- Music
- 05 Apr 01
It’s off to the most Northerly gig in the country with the island angels of ALTAN as BILL GRAHAM spends a weekend in Donegal with our most dynamic traditional outfit and posits the theory that by looking to the past for inspiration Altan may hold a significant key to the future.
It is not a secret rave expedition, under cover of the night and out of sight of the law but it might be as the rain whips into the windscreen and our car bounces off the bog beneath the tarmacadam on a narrow mountain road to only God knows where.
On the first, rainswept night of the New Year, here be a mystery trail as we’re bound, not for some irregular rave rendezvous, but Donegal’s own magical heart of darkness. Six miles behind us is the slippery and elastic concept and state of mind known as Gweedore. Ahead, where golden and white-tailed eagles once flew, lies one of Ireland’s most bleak mountain roads to the sanctuary of Letterkenny. Our destination: the Cois Laoi centre in Dunlewy at the head of the Poison Glen. The attraction, playing the first night of 1994 in their North-Western spiritual home: Altan.
Of course, the six members of Altan hail from all over Ireland; only singer and fiddler, Mairéad Ní Mhaonaigh was born and bred in Gweedore. But geographical and genealogical accuracy must needs submit to art since it’s from Gweedore and its environs that Altan derive their inspiration and the core of their repertoire.
1993 was a very good year for Altan.
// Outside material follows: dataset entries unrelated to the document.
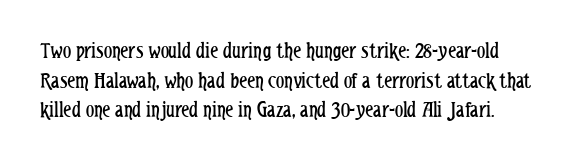
Bare-footed words on every line. The rows are spaced the way most documents space them. The lettering holds an erect, upright posture throughout. The face looks like a standard text weight, possibly lighter. Does extra space separate the letters? No, they use regular spacing.
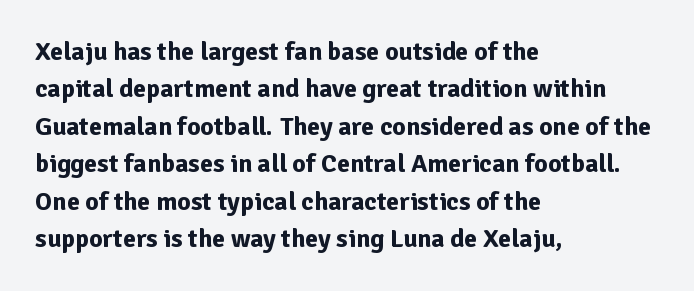
{"italic": "no", "bold": "yes", "underline": "no", "align": "left", "line_spacing": "normal", "line_spacing_ratio": 1.44, "letter_spacing": "normal", "letter_spacing_em": 0.0, "glyph_px": 26}
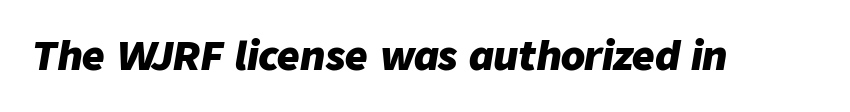
Q: Is the text bold? A: Yes.
Q: Is the text italic (slanted)? A: Yes, it leans right by about 9 degrees.
Q: Is the text underlined? A: No.
Q: Is the spacing between letters normal or unusually wide? A: Normal.
Q: Width (condensed, normal, or wide)? A: Normal.
Q: Stroke contrast? A: Low.
Q: x-height? A: Medium.
Q: Monospaced? A: No.
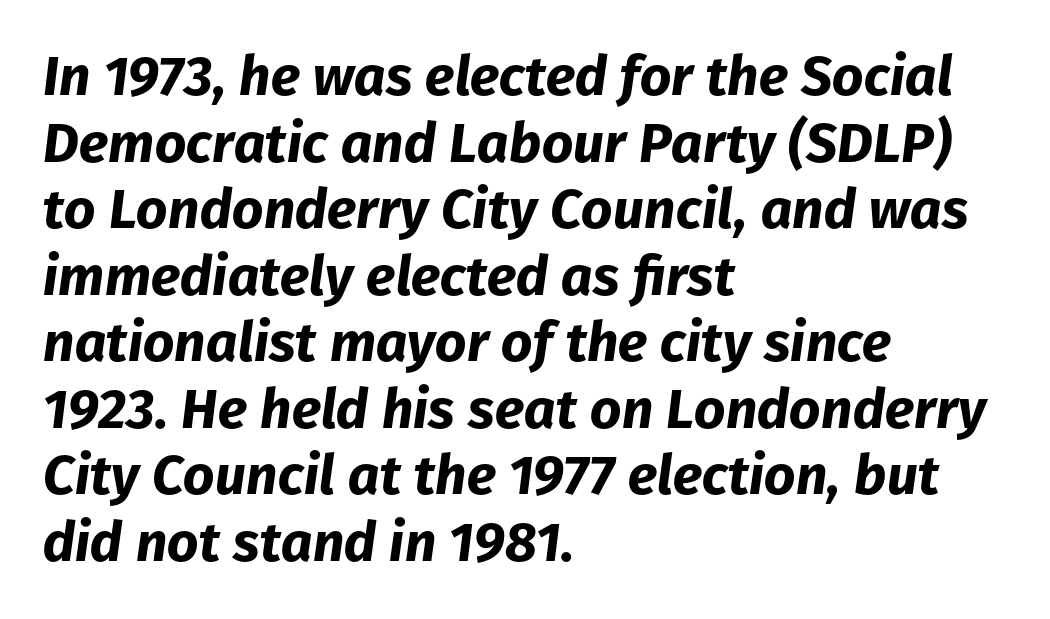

Following the Chieftains, the Seventies witnessed the emergence of a platoon of Irish music “supergroups”: Planxty, The Bothy Band, Clannad, De Danann and Moving Hearts. But in the next decade, the tide ebbed. Only recently have Altan been recognized in Ireland as the leaders of a second wave.
Qualify that: the cognoscenti always knew. But only in the past year has Altan’s reputation begun to percolate beyond the tightly policed borders of the traditional world as they played BBC 2’s The Late Show and gained accolades from Q and The New York Times. Moreover on the night Altan released their latest album, Island Angel, The Rolling Stones, on their Dublin sojourn, mitched away from the sanctum of Lillie’s Bordello to join an afterhours, post-reception session in a hostelry I can hardly mention. And yet as in most tales of traditional music, the Altan phenomenon is a slow-burning not a brushfire story.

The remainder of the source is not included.